**Your goal**
Restate the following data in its entirety, word for word and without images.

(Stored items)
========

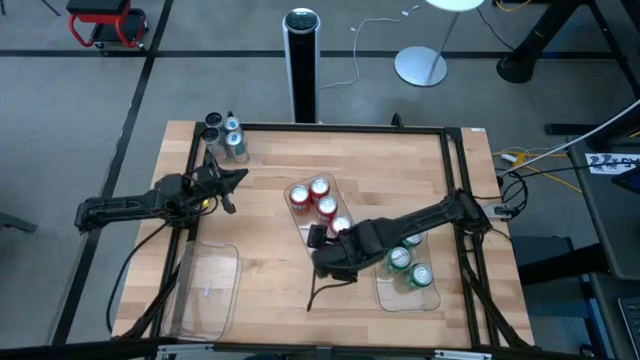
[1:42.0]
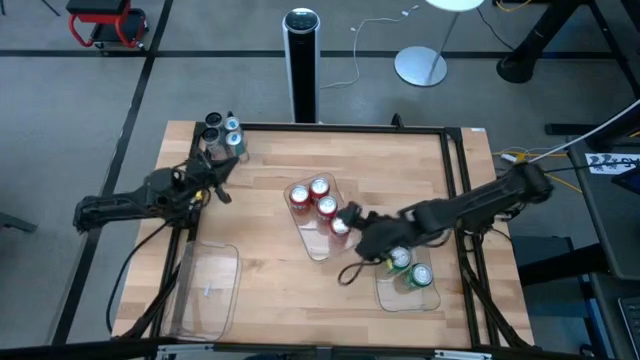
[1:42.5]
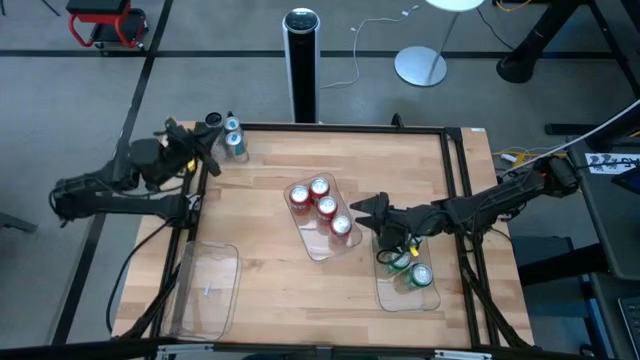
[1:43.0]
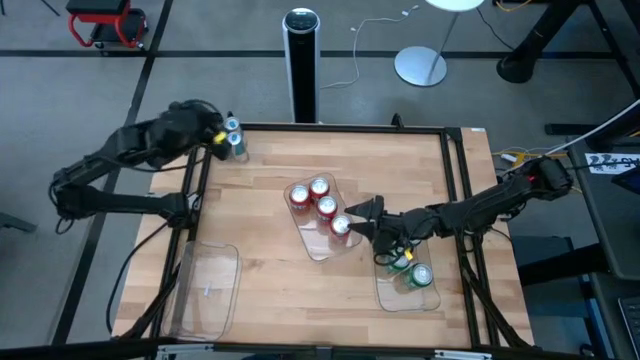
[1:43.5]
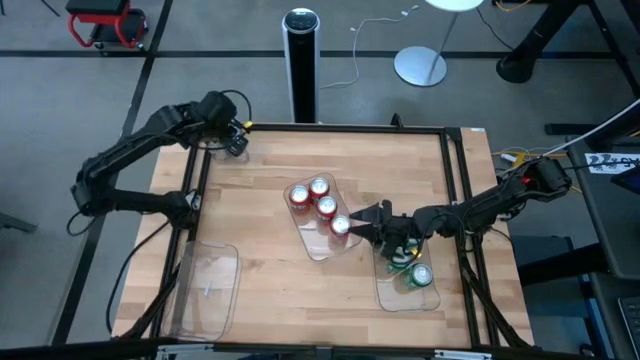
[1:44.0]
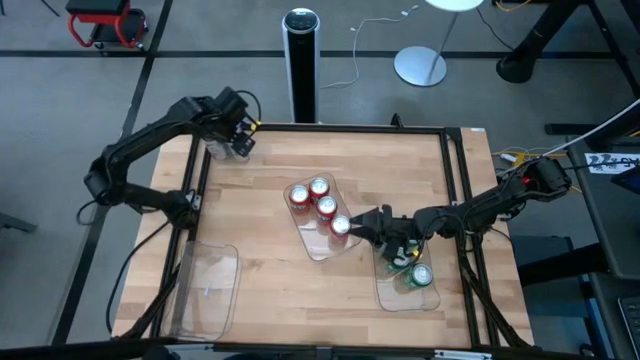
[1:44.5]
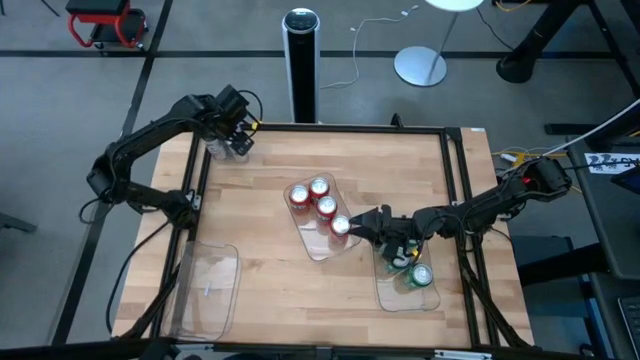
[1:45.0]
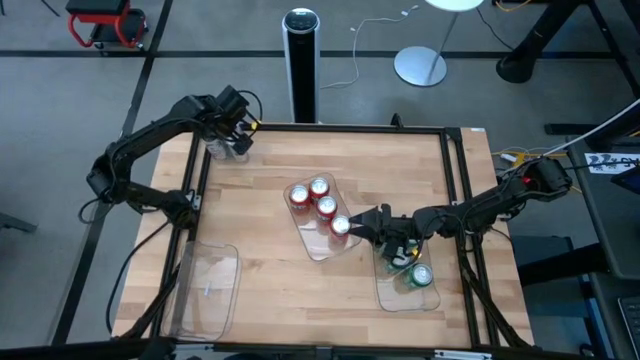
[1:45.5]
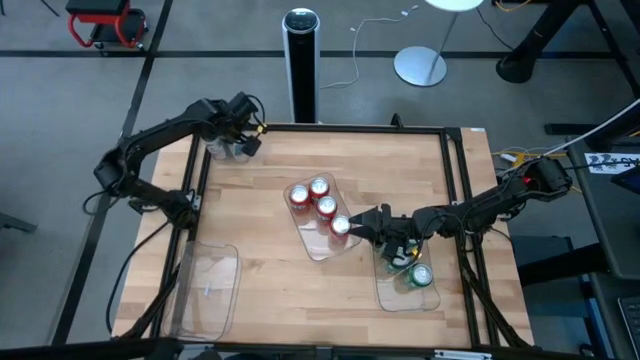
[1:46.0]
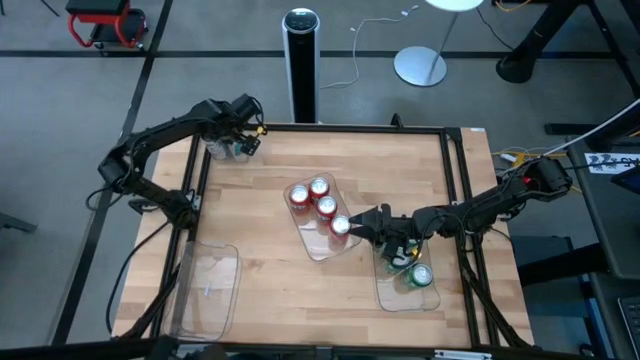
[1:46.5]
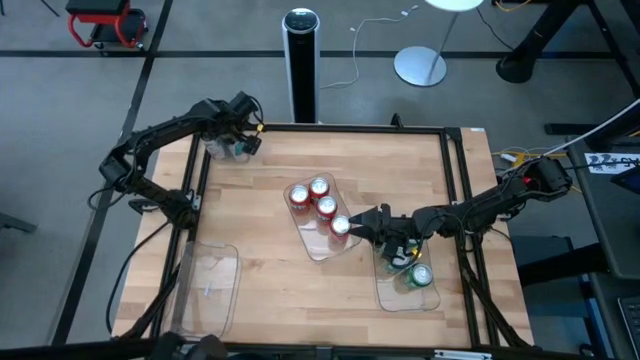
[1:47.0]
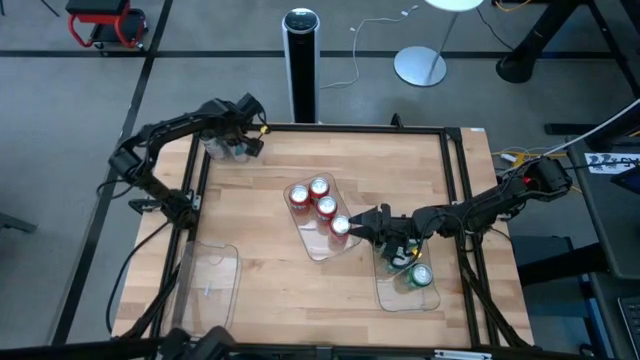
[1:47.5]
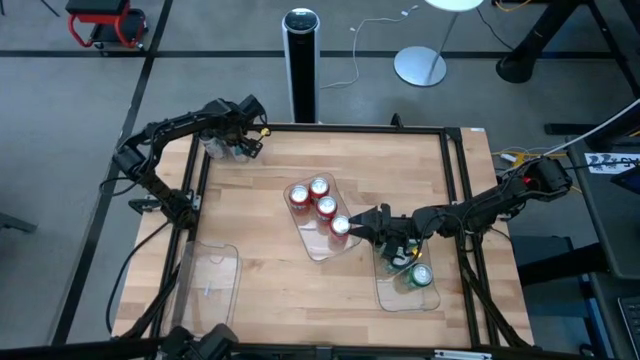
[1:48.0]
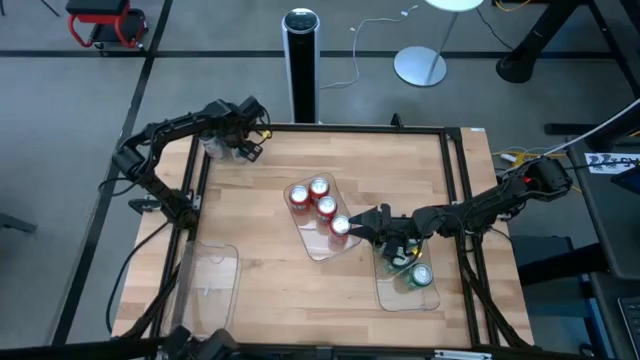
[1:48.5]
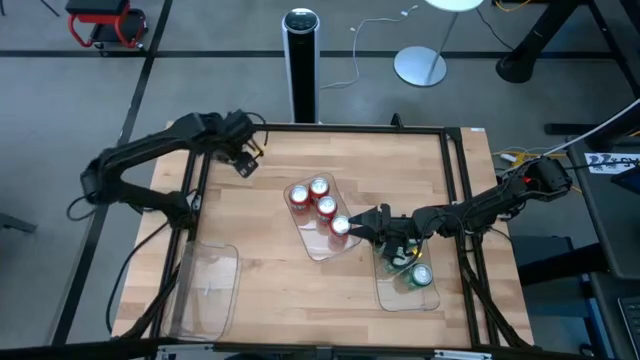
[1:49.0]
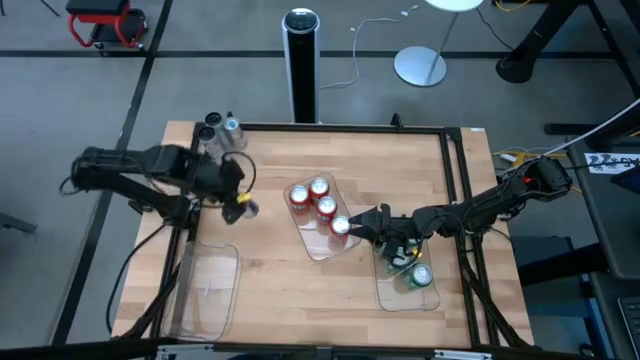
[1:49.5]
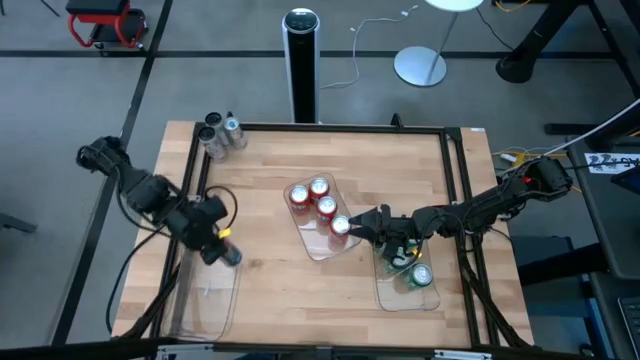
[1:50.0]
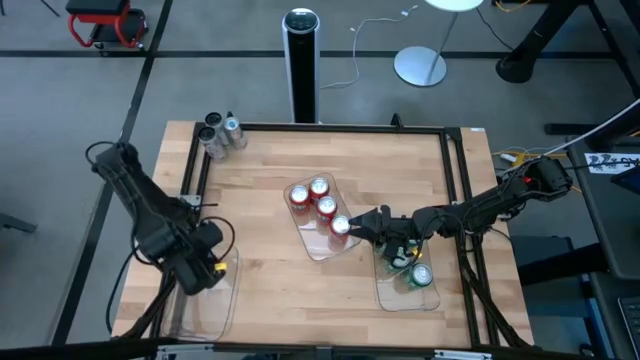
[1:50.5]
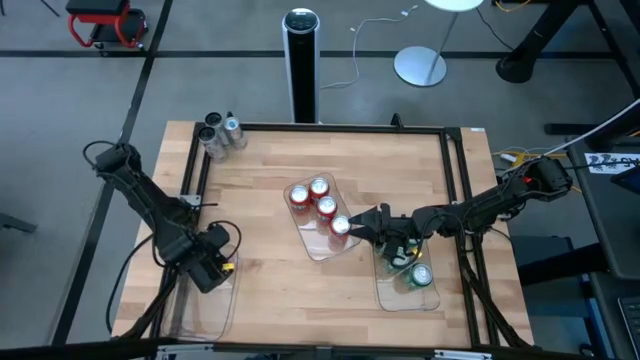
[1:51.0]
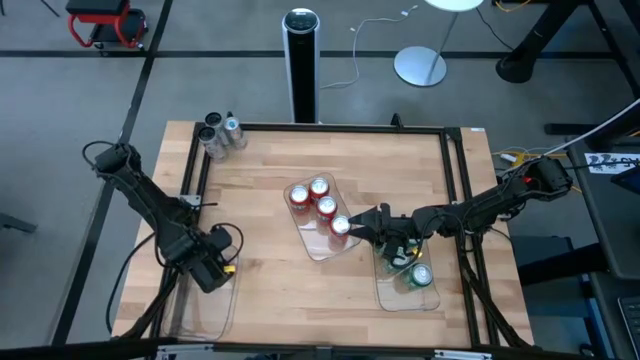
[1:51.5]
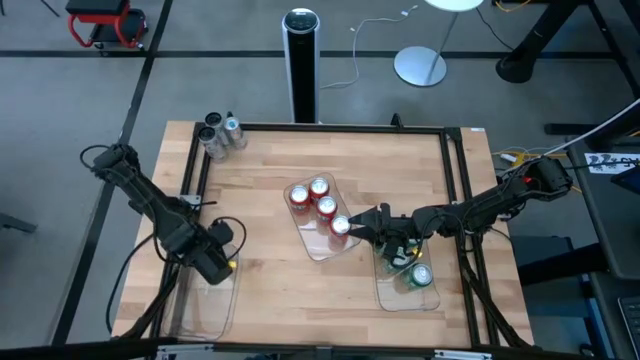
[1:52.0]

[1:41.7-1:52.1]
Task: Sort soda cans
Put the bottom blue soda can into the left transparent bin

========

**Solution to this exercise**
[1:42.0]
[1:42.5]
[1:43.0]
[1:43.5]
[1:44.0]
[1:44.5]
[1:45.0]
[1:45.5]
[1:46.0]
[1:46.5]
[1:47.0]
[1:47.5]
[1:48.0]
[1:48.5]
[1:49.0]
[1:49.5]
[1:50.0]
[1:50.5]
[1:51.0]
[1:51.5]
[1:52.0]

[1:41.7-1:52.1]
Task: Sort soda cans
Put the bottom blue soda can into the left transparent bin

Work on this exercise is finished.